In the scheme of things, Sonic Youth has always been something of a singular presence because they straddle these waves of creativity. Before they were even a band, Lee and Thruston were learning guitar tricks from avant-garde composer Glenn Branca, so when they emerged onto the early 80’s Punk scene, their ideas might’ve been a bit more mind-expanding than most bands found on your average all-ages hardcore bill. That’s why Sonic Youth was so taken with this new generation. Sonic Youth finally had some company, from a mind expansion standpoint. “Total Trash” chugs like 70’s glam rock while “Eric’s Trip” is about exactly what a song with that title should be about – LSD, and it draws understandably from the garage rock of the 60’s, but then both are soaked in this new wave of “college rock” flavor. The epic “Teen Age Riot”, which I’ll talk about in a minute, was originally about Dino Jr’s J. Mascis running for President, and he also gets name checked in “Silver Rocket” (along with Cher, which I don’t have an explanation for). Think about it like this – a road tested, comparatively veteran band is so taken with the next generation of talented bands that they make a whole double album to celebrate their new peers and the aesthetic and out-there ideas that they’re promoting. When you break it down, it’s heartwarming, and adds infinitely to the power of this album.

There’s that moment in last year’s Juno when, after being introduced to Sonic Youth by Jason Bateman’s ‘Mark Loring’, Ellen Page’s titular pixie seethes, “Oh and I bought another Sonic Youth album, and it’s just noise!” First, isn’t that ‘noise’ comment always the criticism of SY? I know I used it in my less-enlightened years – when the first song you hear by them is “Bull In The Heather”, while your head is admittedly in the Valhalla clouds of a Led Zeppelin obsession, it’s not going to be your favorite new song. I would like to take this moment to assure the world that Sonic Youth are not noise – they are racket. There’s an important difference. We generally think of noise as something which is not to be listened to, it can be assumed, because we don’t think anything can be gained from it; Daydream Nation mostly definitely does not fit this criteria, although it can occasionally indulge in outburst of squall, in particular the middle minute of “Silver Rocket”, which then snaps back to its hardcore rush like the band flipped a switch.

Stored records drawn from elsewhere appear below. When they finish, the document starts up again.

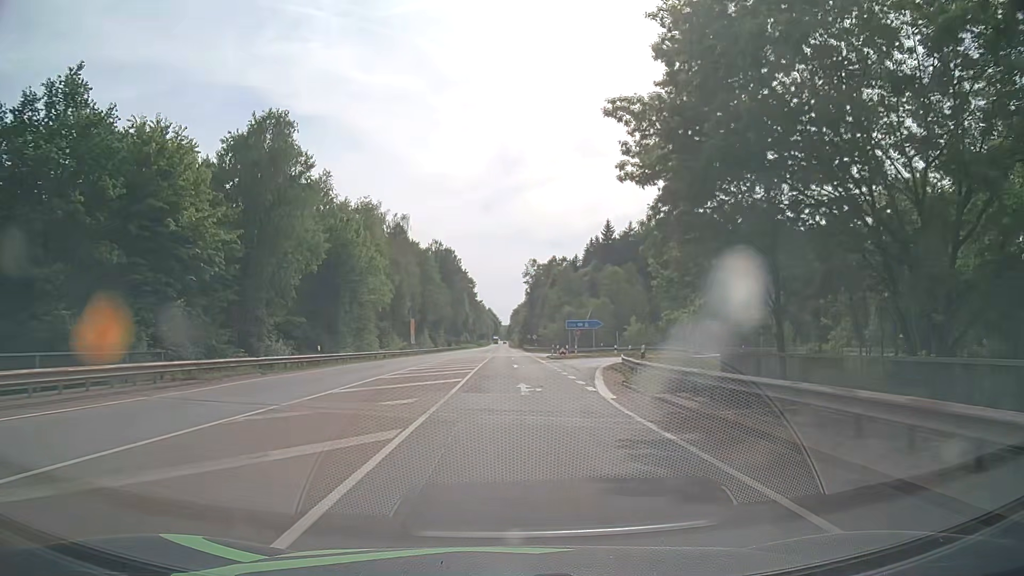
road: secondary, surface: asphalt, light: Day
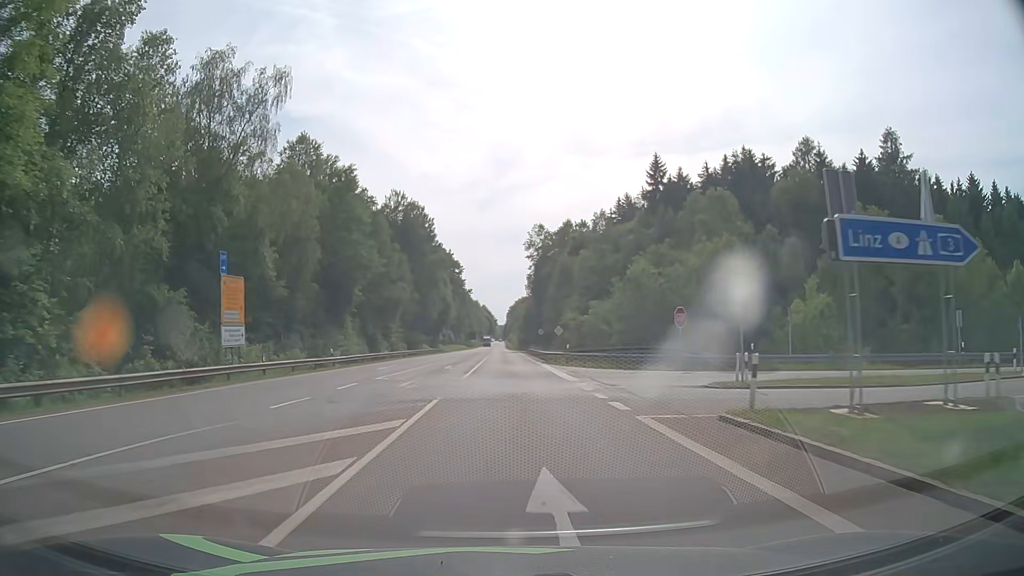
(+0.2, +53.7) m; 0°
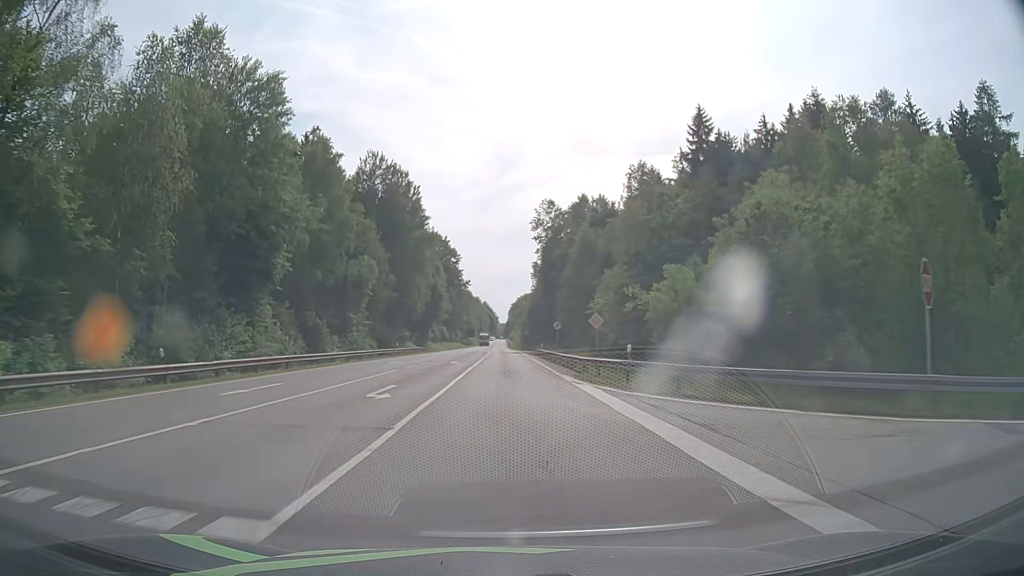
(0.0, +21.5) m; 0°
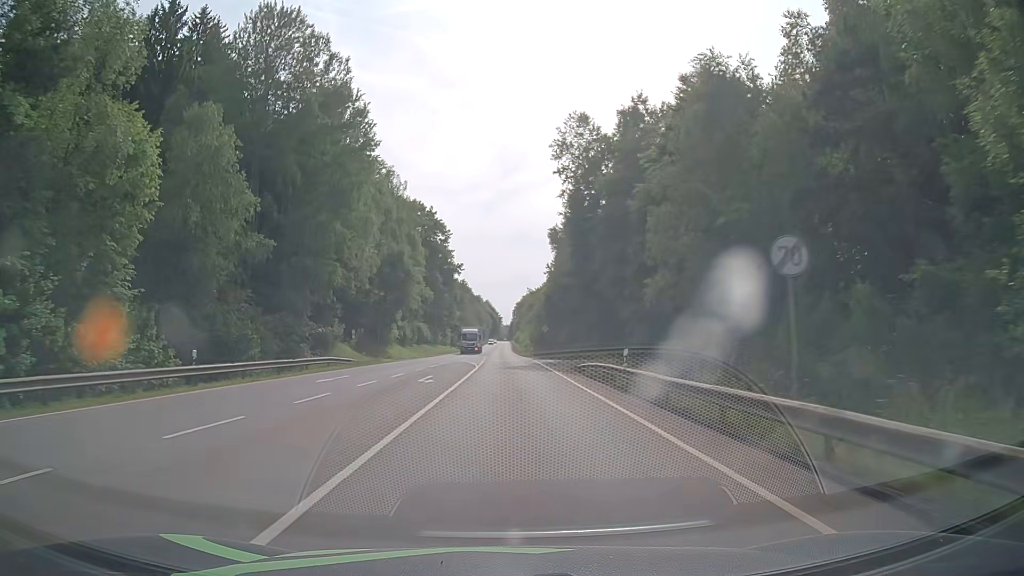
(0.0, +43.0) m; 0°
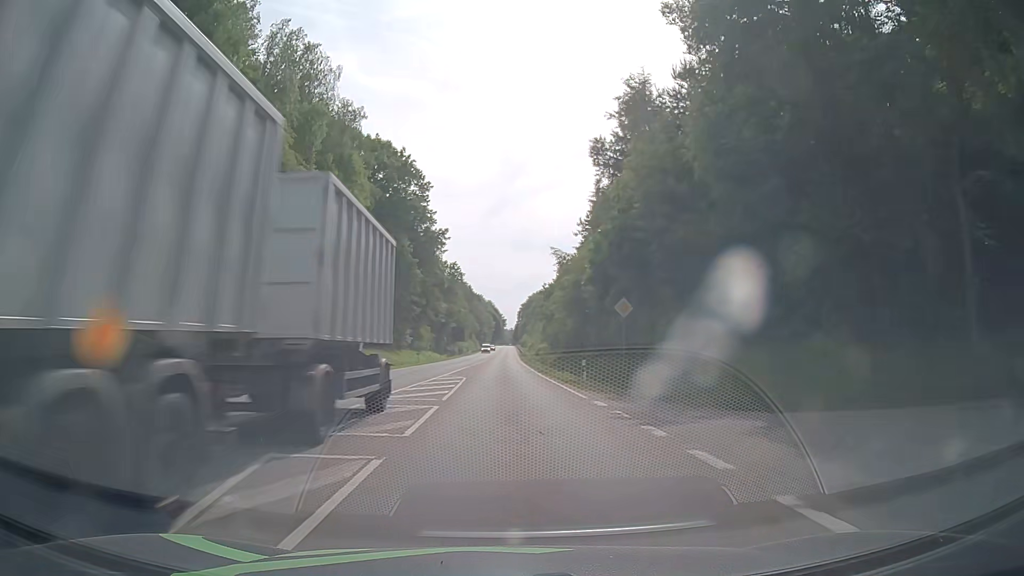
(-0.3, +44.7) m; 0°
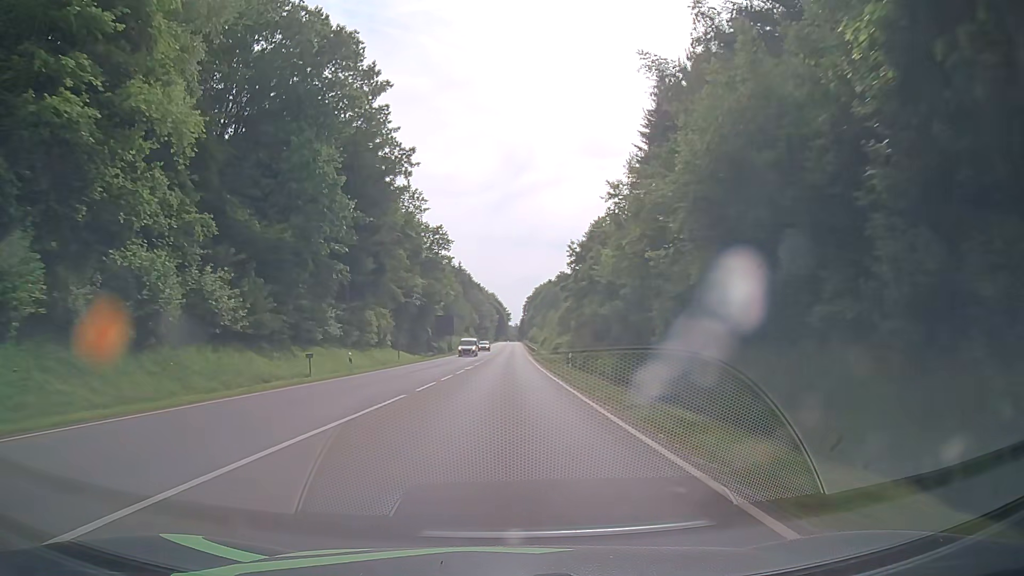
(-0.3, +36.6) m; -1°
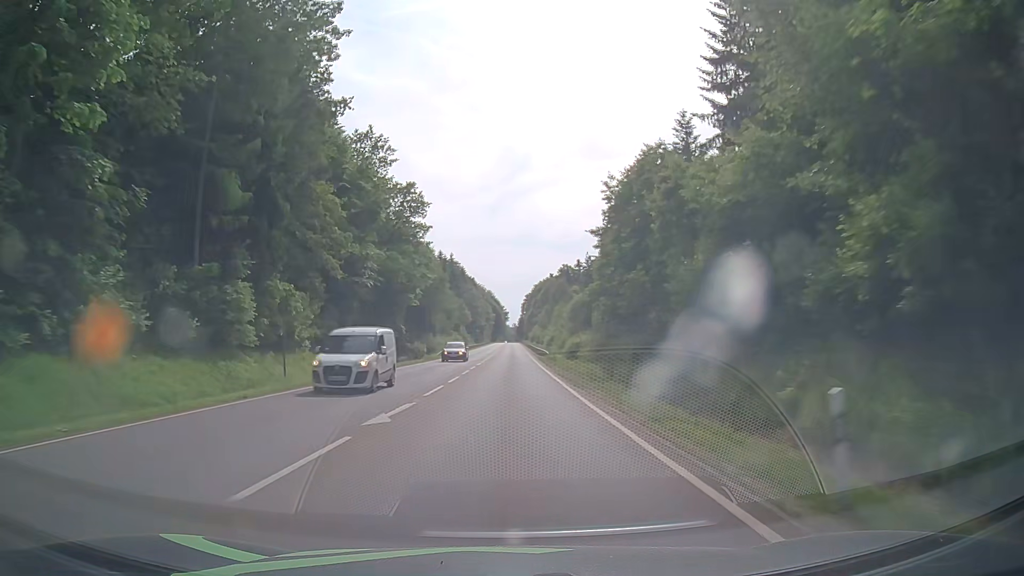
(0.0, +25.8) m; 0°
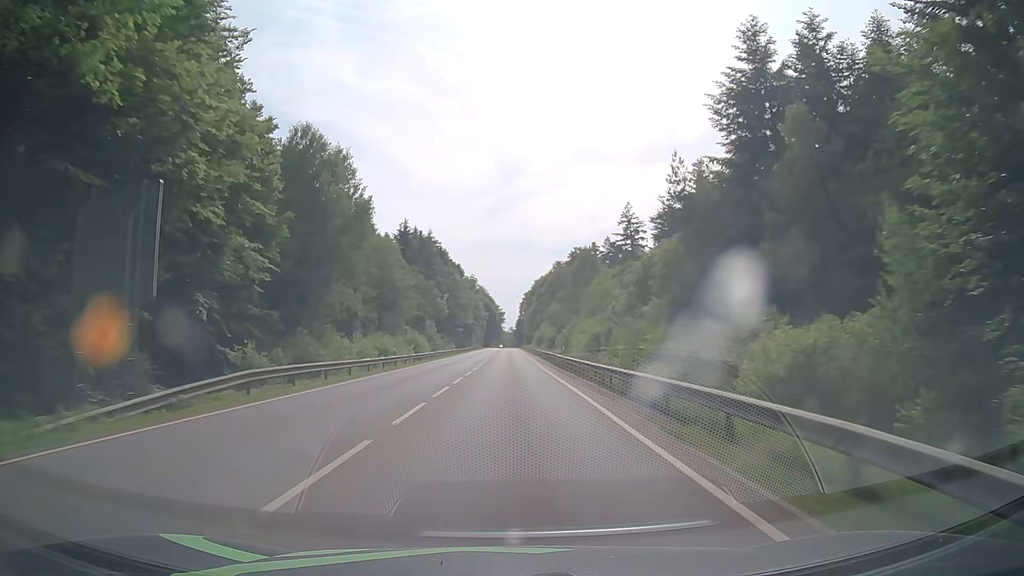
(+0.3, +54.7) m; 0°
(0, +10) (0, +20) (0, +30) (0, +40) (0, +50) (0, +60) (0, +70) (0, +80) (+1, +90) (+1, +100) m

On the other hand, racket implies opinion; it’s what your parents yell at you to turn down because they don’t get it. Therefore, in this instance, racket is automatically the coolest thing ever. There are very few moments in Sonic Youth’s career that you could imagine even the most open-minded liberal parent digging on initially, and that’s one of the many reasons SY has been one of the most unimpeachably cool bands for over 25 years – they are the sound incarnate of Lou Reed’s wrap-around shades, Paul Simonon’s shattered bass, and Run-DMC’s laceless shell-toes stomping on coliseum floors.


Look at the panoramic photo from the liner notes of the 1993 CD reissue, showing the band standing on a gritty urban corner bathed in the yellowed light of a streetlamp, definitely somewhere in the Bowery on New York’s Lower East Side, Thurston Moore in fact doing his best Lou Reed, wearing shades at night, Kim Gordon, always the shredded punk goddess, dressed in ripped everything, Lee Ranaldo, stoic, posing both as the tough, evoking DeNiro on this mean street, and as the calm everyman, Steve Shelley acting the pipsqueak, his sinewy machine gun Popeye forearms seemingly glued onto his math nerd frame. Their cool is a post-modern cool, and they come bearing Daydream Nation as the ultimate in what went right in the 1980’s. Writer Eric Weisbard once said for Spin that this album “fulfilled New York punk’s key ambition: the fusion of gallery art and popular song”. And that’s true, but now even further in retrospect, it feels even more encompassing than that, the digestion of all things Rotten Apple turned around, running through CBGB’s and No Wave, Flash and Bambaataa, Crazy Legs and “Seen”, Basquiat and Haring, Mayor Koch and Bernie Goetz, L.T. and Dwight Gooden. This album is quintessential New York which is to say it is proof that being odd and rough around the edges and set apart from the masses can decidedly make you cooler than the rest of the nation; the rest of the nation dismisses this notion and that’s why they’re listening to Daughtry and Toby Keith right now. If you decide that you don’t like this racket, then you have found your own personal limits of Rock & Roll love, because Sonic Youth is most definitely Rock & Roll to the muthafuckin’ core, and if you can’t get with it, then you are a deserter, a traitor to whatever youth you have left, and you need to get out of the way or get crushed into the cracked, gum-stomped pavement. Kim Gordon will be 55 years old in a couple weeks – what’s your excuse? I personally will admit to being a half-deserter; I went AWOL, but they caught me, and threw me in Sonic Youth traitor rehab, so I’ll be OK soon enough.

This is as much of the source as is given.